Dans la plupart de ces vernis, il y a une substance appelée sous le nom barbare "d'oxyde de diphényl triméthylbenzoyl phosphine" ou TPO, qui leur permet de durcir et de sécher rapidement une fois placé sous une lampe UV ou LED.
En mai dernier, un règlement de l'Union européenne ("Omibus VII") l'a classée comme "substance CMR": cancérogène, mutagène ou toxique pour la reproduction, comme le rappelle le site Service-public dans une page dédiée.
Jusque-là, elle était autorisée uniquement pour un usage professionnel, notamment dans certaines préparations pour ongles artificiels à une concentration maximale de 5%.
Mais depuis le 1er septembre, cette substance est interdite d’usage pour les professionnels exerçant en institut tout comme les particuliers à domicile, et dans tous les pays de l’Union européenne.

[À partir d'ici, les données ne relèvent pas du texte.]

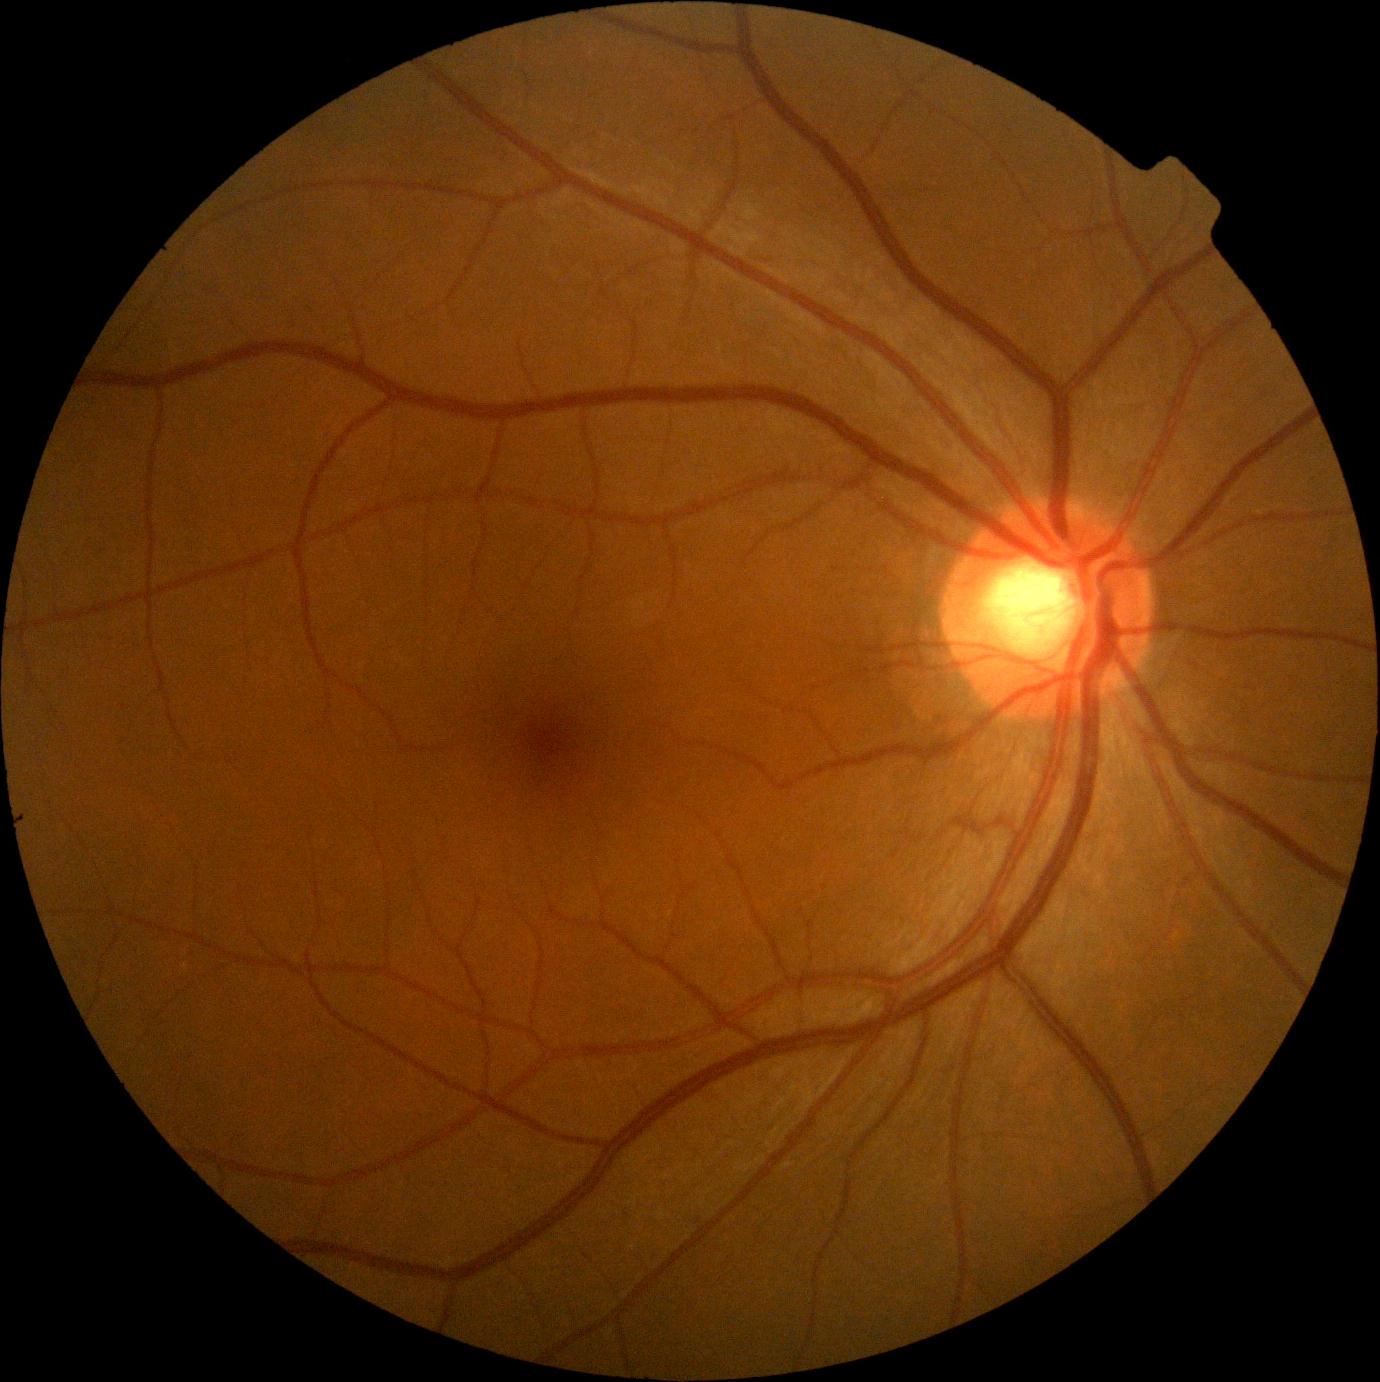

Diabetic retinopathy severity is no apparent retinopathy (grade 0).
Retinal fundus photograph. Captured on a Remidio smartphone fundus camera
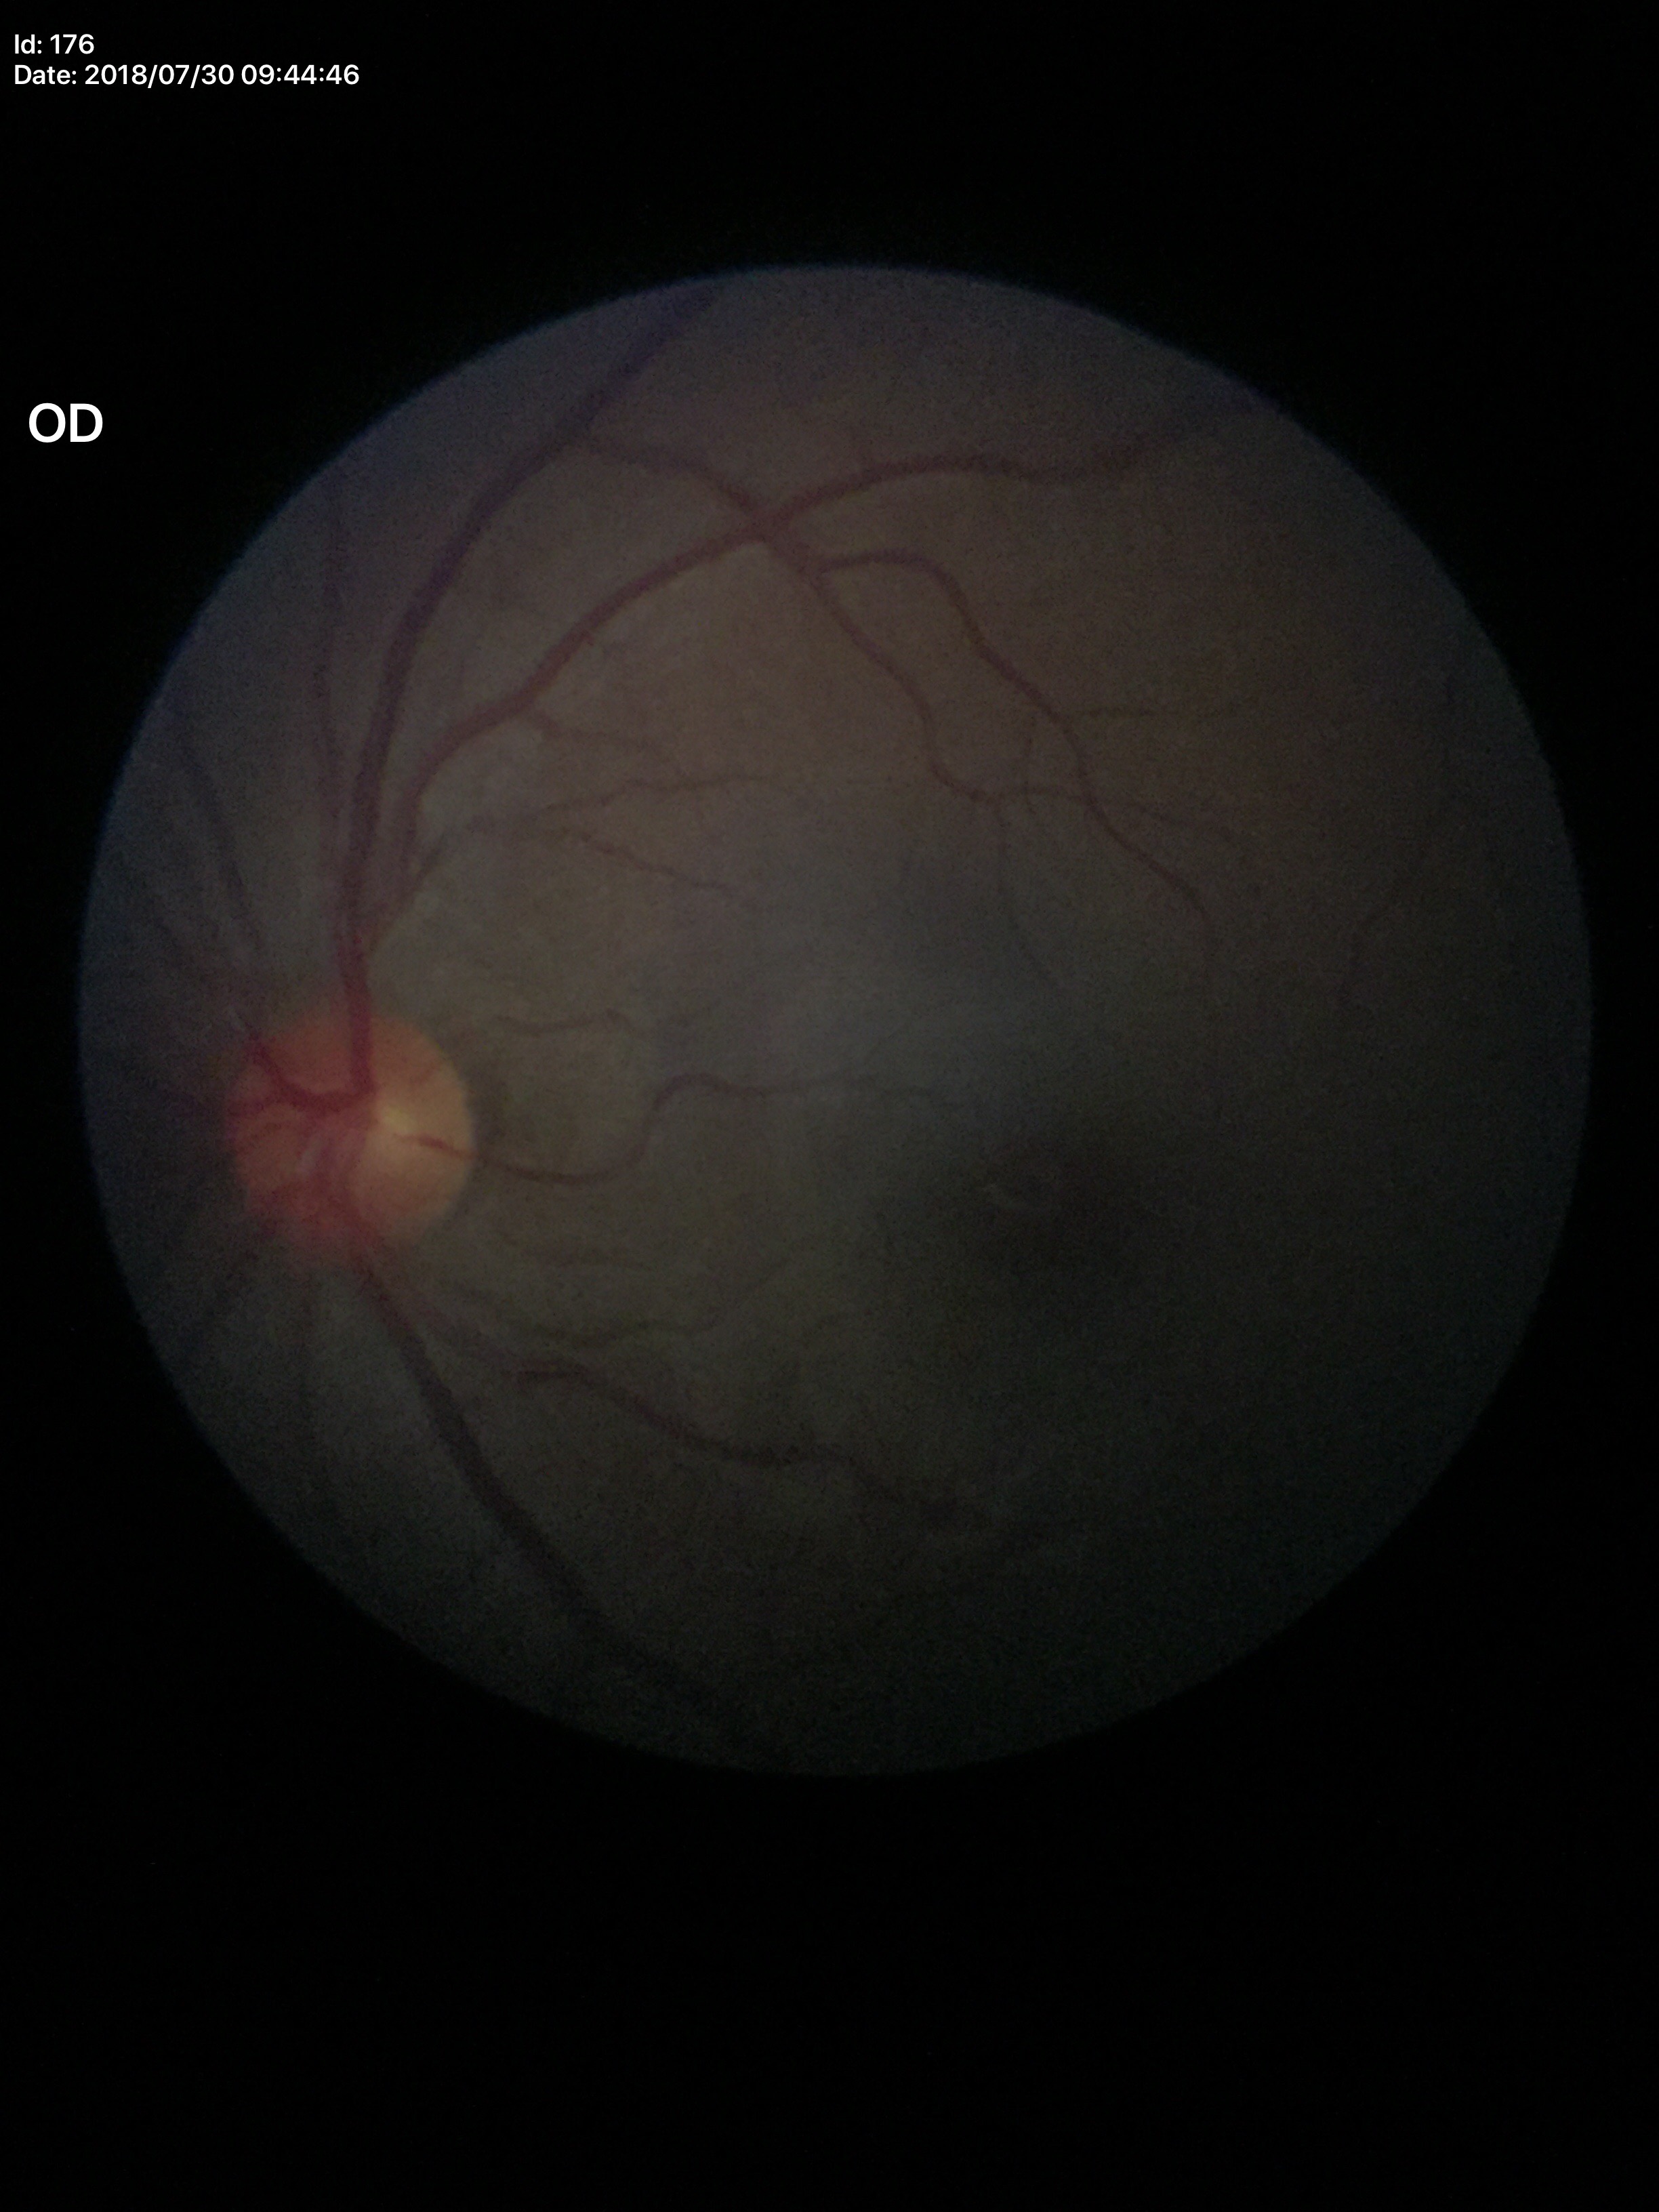

Glaucoma evaluation: not suspect. Vertical cup-disc ratio is 0.48.
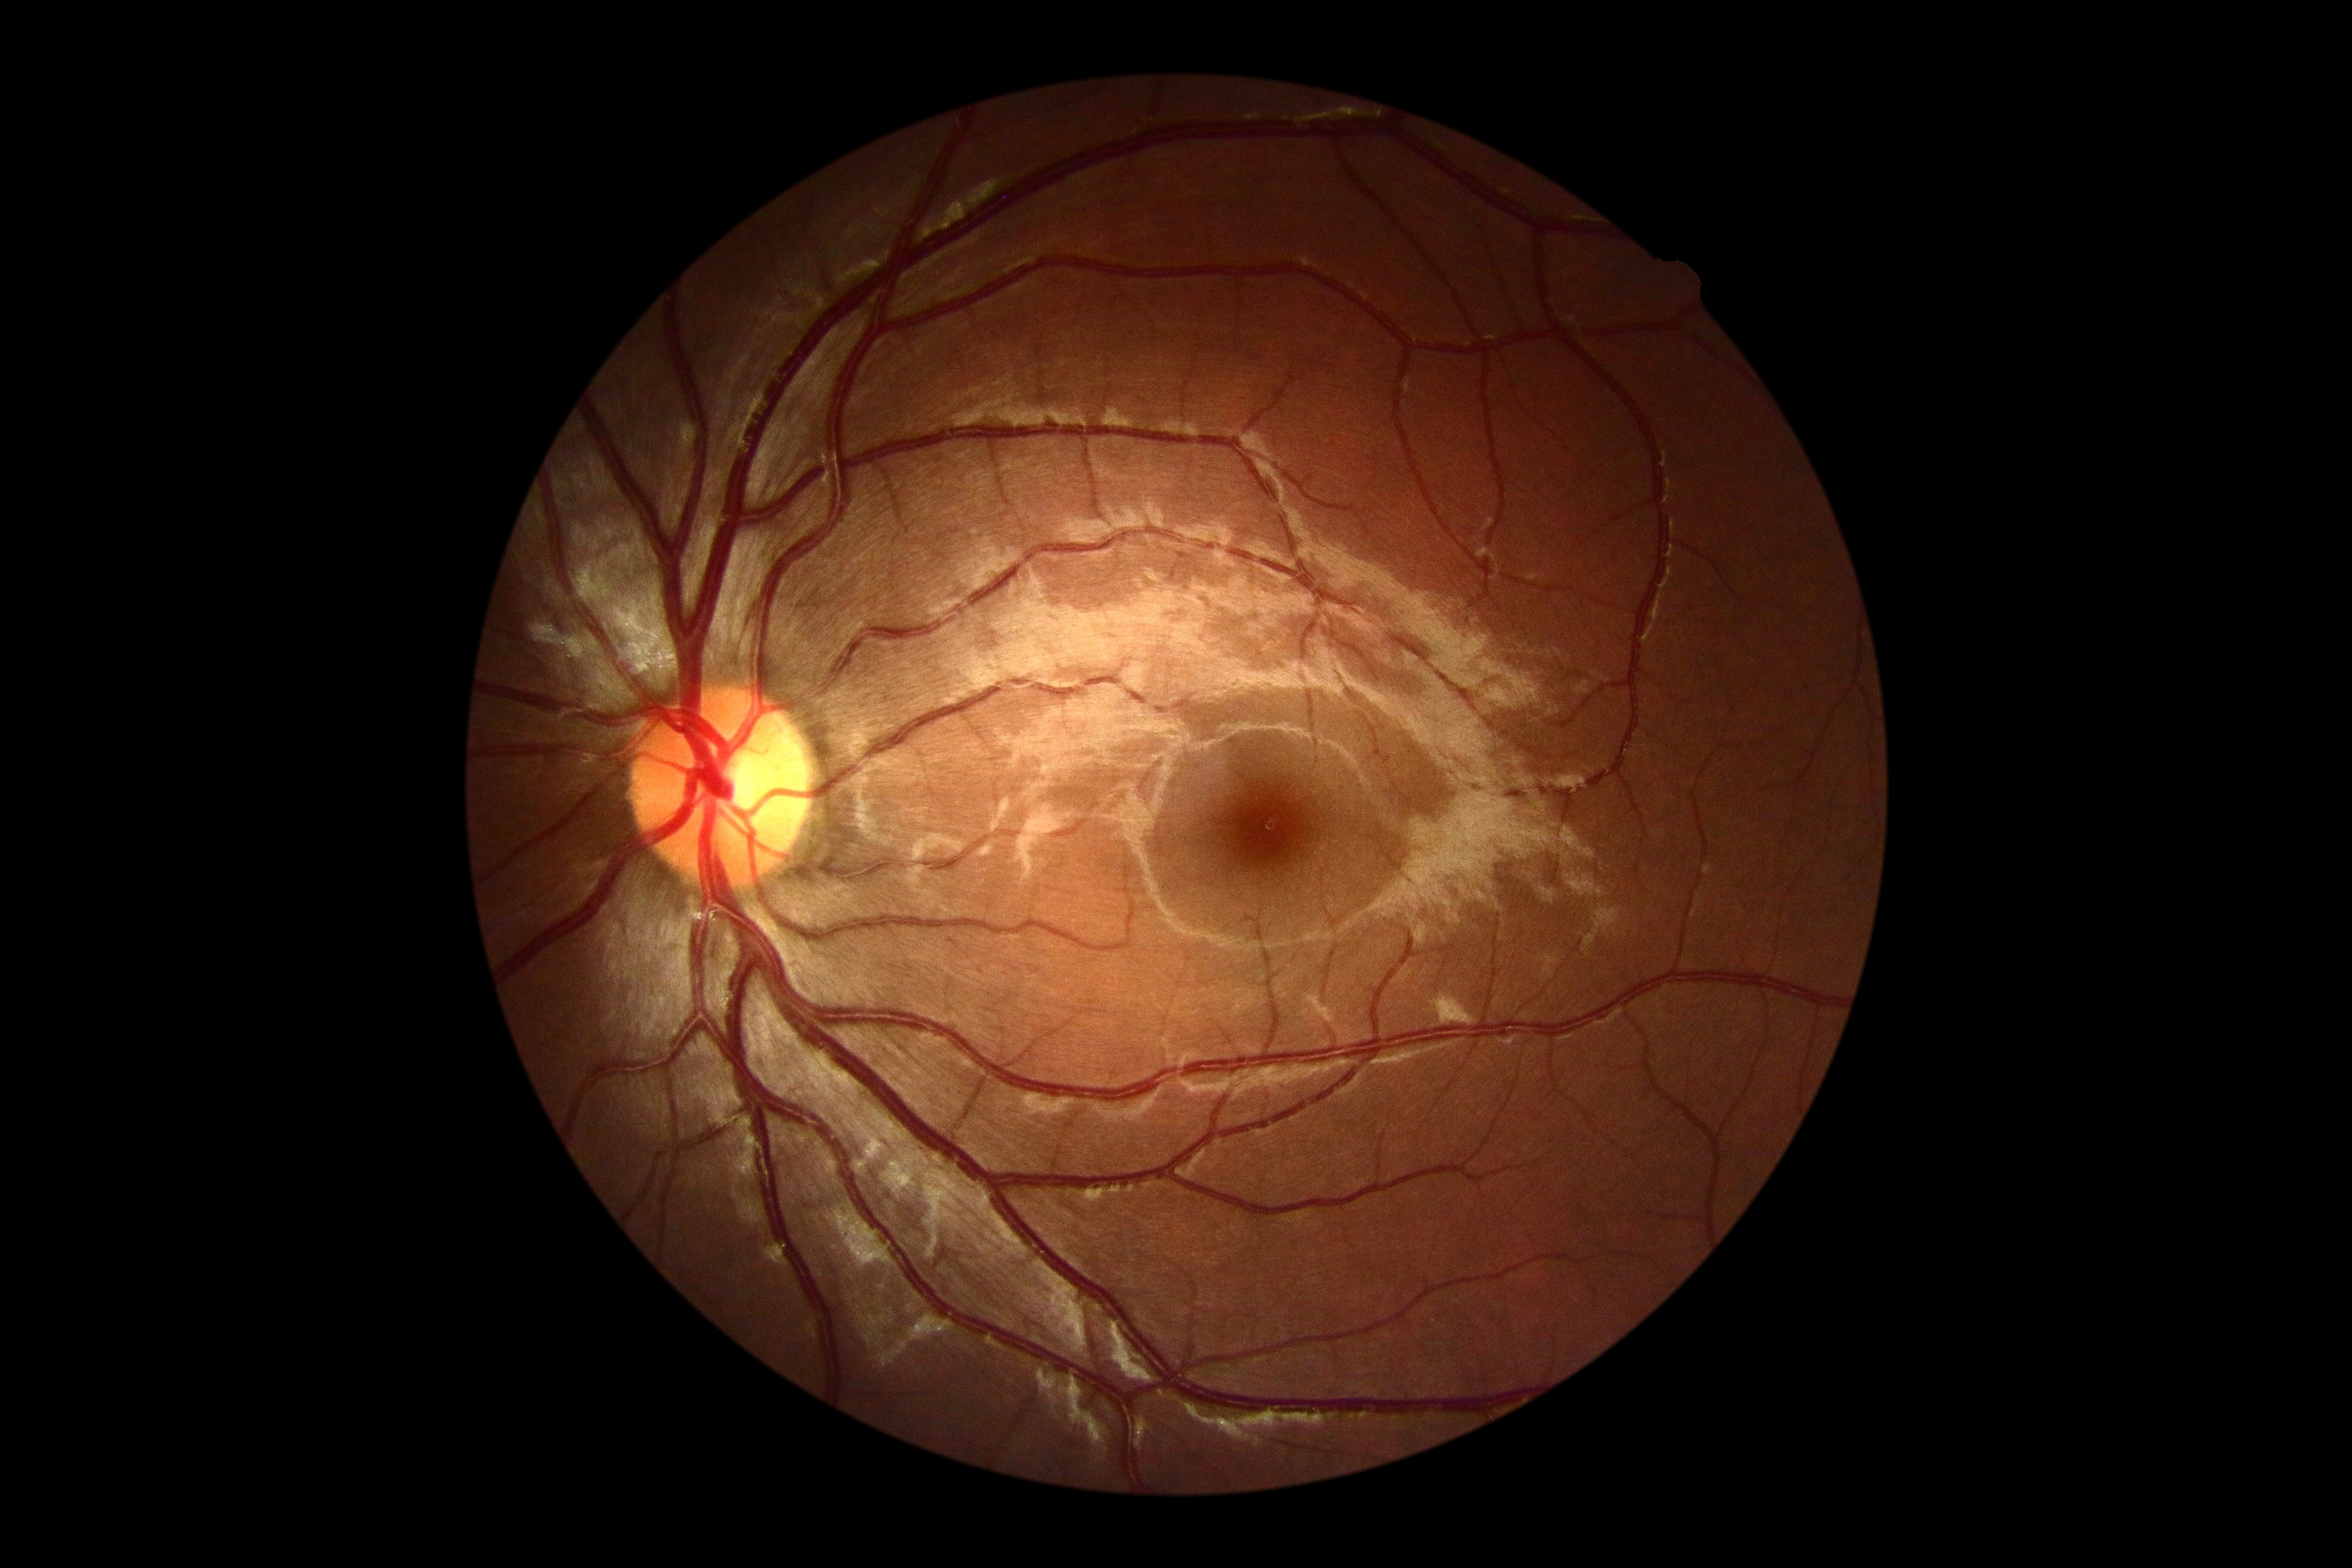
dr_grade: grade 0 (no apparent retinopathy) — no visible signs of diabetic retinopathy

Après cette interdiction, de nombreux débats ont émergé, certains minimisant les risques des vernis semi-permanents sur la santé. Mais alors, quels sont les risques réels de ces produits? RMC Conso a posé la question à deux spécialistes.
Des risques d'allergies
"Il y a pas mal de risques", nous affirme de but en blanc Isabelle Gallay, dermatologue esthétique-lasers et vice-présidente du syndicat national de dermatologie vénérologie (SNDV).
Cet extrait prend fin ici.